One story has a male protagonist: Gross Anatomy by Aimee LaBrie, in which Wally, a medical student, who would, in today’s terminology be described as incel (involuntary celibate), gets fixated on a female cadaver — a rare instance in which a man gets punished for his perversion. Unless, like in the story The Seventh Bride Or Female Curiosity by Elizabath Hand, an actress playing Bluebeard’s seventh bride — the earlier six having been murdered by fiction’s vilest serial killer — inadvertently gets rid of the sex pest actor who harassed the actresses working with him in the theatre. In Sydney by Sheila Kohler, a sinister version of Daphne du Maurier’s masterpiece, Rebecca, a young bride to a much older man discovers his awful secret.

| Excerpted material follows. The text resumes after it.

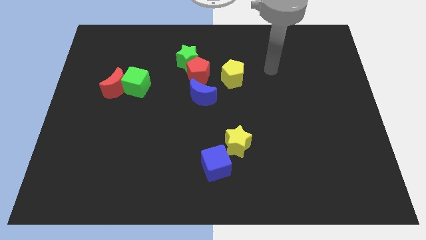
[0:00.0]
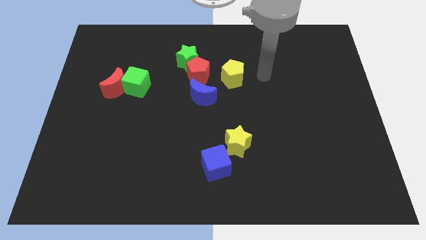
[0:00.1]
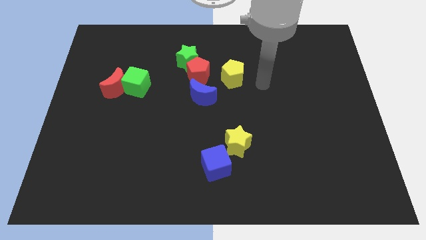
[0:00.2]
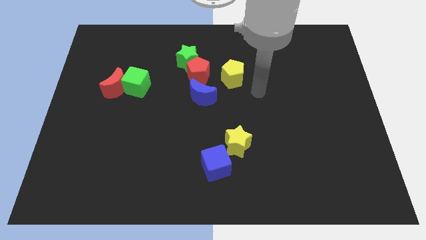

A Darker Shade of Noir is disturbing, but elegantly written and enjoyable. The stories acknowledge women's fears and encourage them to laugh them off. Horror stories written by men are often threatening towards women — Bram Stoker's Dracula, for instance, has generated a whole vampire industry. Women reading the stories in this book would feel empathy, maybe a tinge of discomfort, but not revulsion or dread.
Deepa Gahlot is a Mumbai-based columnist, critic and author.